As can be seen in FIG. 1, a valve means housing 12 is provided with a

Actuator housing 14 arranged. According to the one shown in FIG

Embodiment of the invention, the actuator housing 14 has two

Actuator housing parts 24, 26, within which an electric drive (not shown here) is arranged. Such an electric drive can in particular be designed as a stepper motor, brushless motor or brush motor. The actuator housing 14 is essentially at least partially made of plastic. In particular, the actuator housing 14 is produced by means of an injection molding process.

In addition to the electric drive, according to an advantageous embodiment of the invention, a gear is arranged within the actuator housing 14, which transmits the movement of the electric drive to a corresponding valve stem 30. Motor electronics for controlling the electric drive are also arranged in the actuator housing 14. The corresponding valve means is arranged on the valve stem 30. The valve stem 30 reaches through an opening 32 of the valve means housing 12 and extends essentially in the axial direction 18.

To seal off the flow area of the fluid, a housing element 34 designed as a cover is arranged on the second opening 32. The housing element 34 has a bore concentric to the axial direction 18, through which the valve stem 30 protrudes into the valve means housing 12. According to the invention, it is now provided that the actuator housing 14 is attached to the valve means housing 14 by means of at least one connecting element 40, which is at least partially designed as a latching element and alternatively or additionally as a clip element. Figures 1 and 2 each show a first embodiment of such a locking or

Clip element.

As can be seen in FIG. 1, the connecting element 40 according to the embodiment of the invention shown here encompasses the valve means housing 12 and the actuator housing 14 in the axial direction 18 and is designed as a clamp element. The clamp element 40 has a clamping projection 44 at one of its free ends 42b, and a further clamping projection 45 is formed by the curved segment 60. The curved segment is preferably part of the free end 42a, in particular of the leg 58. The clamping projections 44, 45 engage in corresponding undercuts 46, 47 of the valve means housing 12 and of the actuator housing 14, respectively.

According to the embodiment of the invention shown in FIG. 1, the undercut 46 of the valve means housing 12 is in the form of a recess in the valve means housing 12 that extends essentially in the radial direction

educated. In this case, the side surface 48 of the undercut 46 facing the actuator housing 14 preferably extends essentially perpendicular to the axial direction 18. In the assembled state, this side surface 48 acts as an axial stop for the connecting element 40.

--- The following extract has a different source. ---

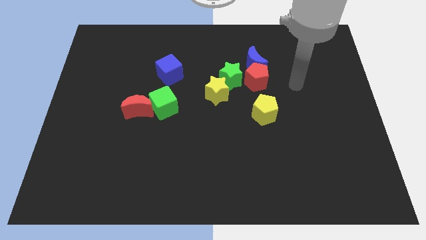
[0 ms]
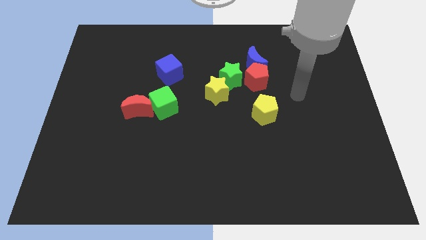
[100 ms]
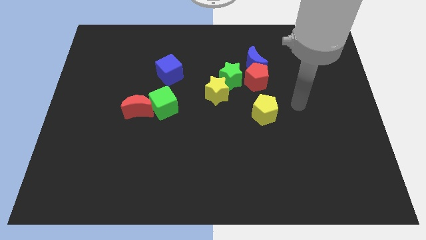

According to the embodiment of the invention shown in FIG. 1, there is at least one radial direction on the actuator housing 14

Projection 50 arranged on which the undercut 47 of the

Actuator housing 14 is at least partially formed. When assembling the connecting element 40, the first clamping projection is usually the first 44 suspended in the undercut 46 of the valve means housing 12 and then the second clamping projection 45 is pushed into the corresponding undercut 47 of the actuator housing 14. In order to facilitate the insertion or pressing of the second clamping projection 45 into the undercut 47 on the actuator housing 14, the projection 50 of the

Actuator housing 14 preferably has an insertion bevel 52.

According to the embodiment of the invention shown in FIG. 1, the expansion valve 10 has two connecting elements 40 which are each arranged on opposite sides of the expansion valve 10.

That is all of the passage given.